A Third of College Students Smoke

B O S T O N, Aug. 8, 2000 -- Despite crusades and campaigns encouraging young people not to take up smoking, a third are currently using tobacco products, a number greater than previously believed, researchers said today.

Previous research examined cigarette smoking in college students, but failed to ask about the use of other tobacco products, such as cigars, which added significantly to the findings and may give researchers new insights into how to target smoking on campus.

Researchers from the Harvard School of Public Health surveyed more than 14,000 students at 119 colleges nationwide, asking them to report on their lifetime use of tobacco.

The results were announced today at the “World Conference on Tobacco OR Health” in Chicago and were also published in a special issue of the Journal of the American Medical Association devoted to tobacco research.

Still Smoking

A third of the students said they had used a tobacco product — cigarettes, chewing tobacco and increasingly, cigars — in the last four weeks, indicating they were current users, and nearly half of the students admitted they had used tobacco in the past year.

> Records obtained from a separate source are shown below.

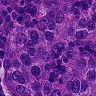
Metastatic tissue present: yes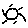
Label: sun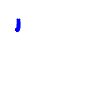
Particle: electron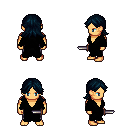
a pixel art fantasy rpg character, male body template, human, tanned skin, black robe, metal pants, raven loose hair, dagger, four views (front, back, left, right), 2x2 character sprite sheet, small pixel art, hard edges, no anti-aliasing
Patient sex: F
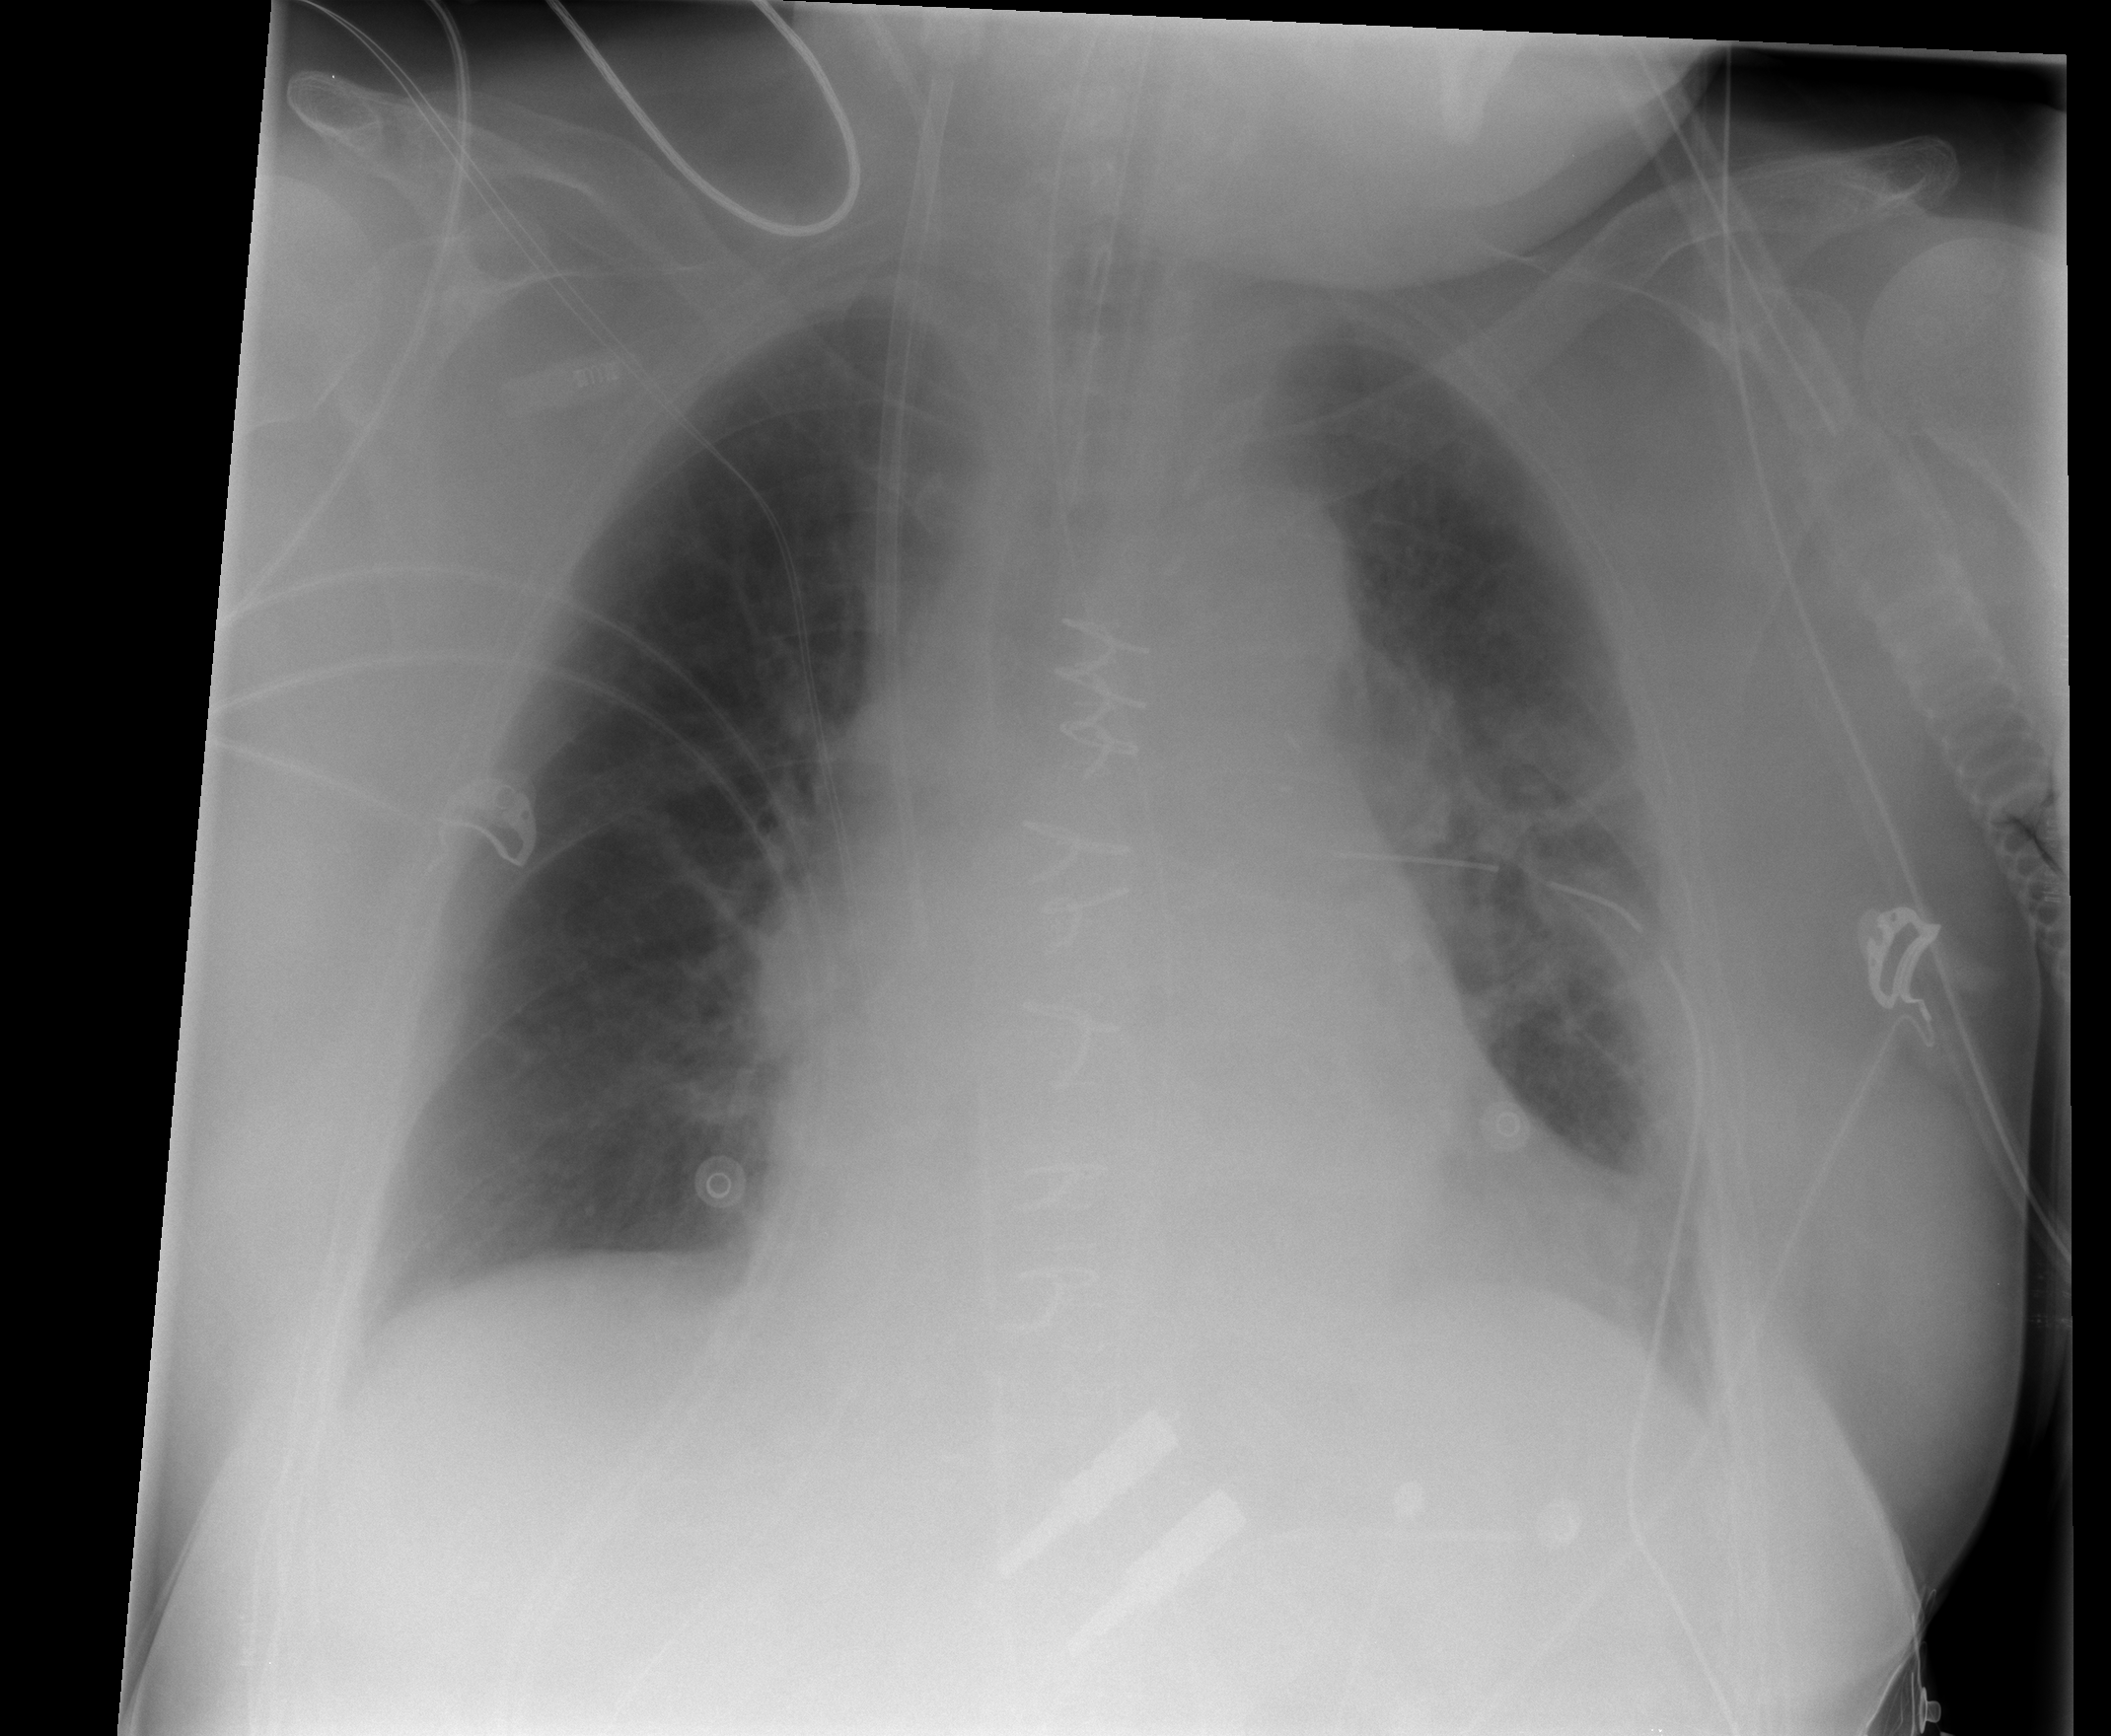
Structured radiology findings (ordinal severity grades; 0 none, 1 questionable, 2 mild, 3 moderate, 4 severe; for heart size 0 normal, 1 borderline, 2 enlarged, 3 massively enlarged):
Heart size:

Between 1993 and 1997, the number of U.S. college students who smoked cigarettes increased from 22 percent to 28 percent, the study reports. Researchers suspected that use of other tobacco products, such as cigars, was on the rise as well, but had never asked the question.

Their suspicions proved correct. In the current study, 23 percent of college students said they had smoked a cigar in the last year and 9 percent reported they were current cigar users, while only 3.7 percent said they currently use chewing tobacco and 1.2 percent said they currently smoke pipes. Those findings brought the total tobacco use up to 33 percent.

Playing With Fire?

Researchers blamed the rise in cigar use among young adults on the cigar industry’s successful marketing push in the early ’90s, which made cigar bars and magazines trendy.

“College students are playing with fire, putting themselves at risk of a lifelong addiction to nicotine,” says lead author Dr. Nancy Rigotti, director of tobacco research and treatment at Massachusetts General Hospital in Boston.

Men and women now smoke cigarettes in equal numbers, but because men tend to use cigars and chewing tobacco more often than women, the percentage of male smokers is higher overall. Whether women will close the gender gap in cigars and chewing tobacco remains a concern, researchers say.

Although the tobacco industry repeatedly insists it only markets its wares to those of legal age, the students reported the average age they tried their first cigarette was 14, and the average age they’d first tried a cigar was 17 for boys and 18 for girls.

On the bright side, cigarette use by college students, while on the rise during the mid ’90s, seems to have stabilized from 1997 to 1999 at about 28 percent.

And a third of the current cigarette smokers said they do not smoke every day, indicating they are only casual users.

Risky Business Not surprisingly, the study found that tobacco use is higher among binge drinkers — the old “ I-only-smoke-when-I-drink” excuse — and among students who have multiple sex partners or have what researchers dub “a strong party orientation.”

“Use of tobacco products goes along with a generally riskier lifestyle,” Rigotti says.

The researchers are advocating that all buildings on college campuses should go completely smoke-free, banning smoking from dorm rooms and common living areas.

“This would protect non-smokers from secondhand smoke and reduce the visibility of smoking on campus,” Rigotti says.

Current policy at colleges varies. At Harvard University in Cambridge, Mass., for example, the online student handbook notes that smoking is banned in all common areas and student bedrooms. But several colleges still allow smoking in individual dorm rooms. At Columbia University in New York City, for example, current policy allows smoking in designated dorm rooms with roommate consent.

“Tobacco use is rising among young Americans,” Rigotti warns. “If this trend continues, it threatens to reverse the decline in U.S. adult smoking that we have witnessed over the past half-century.”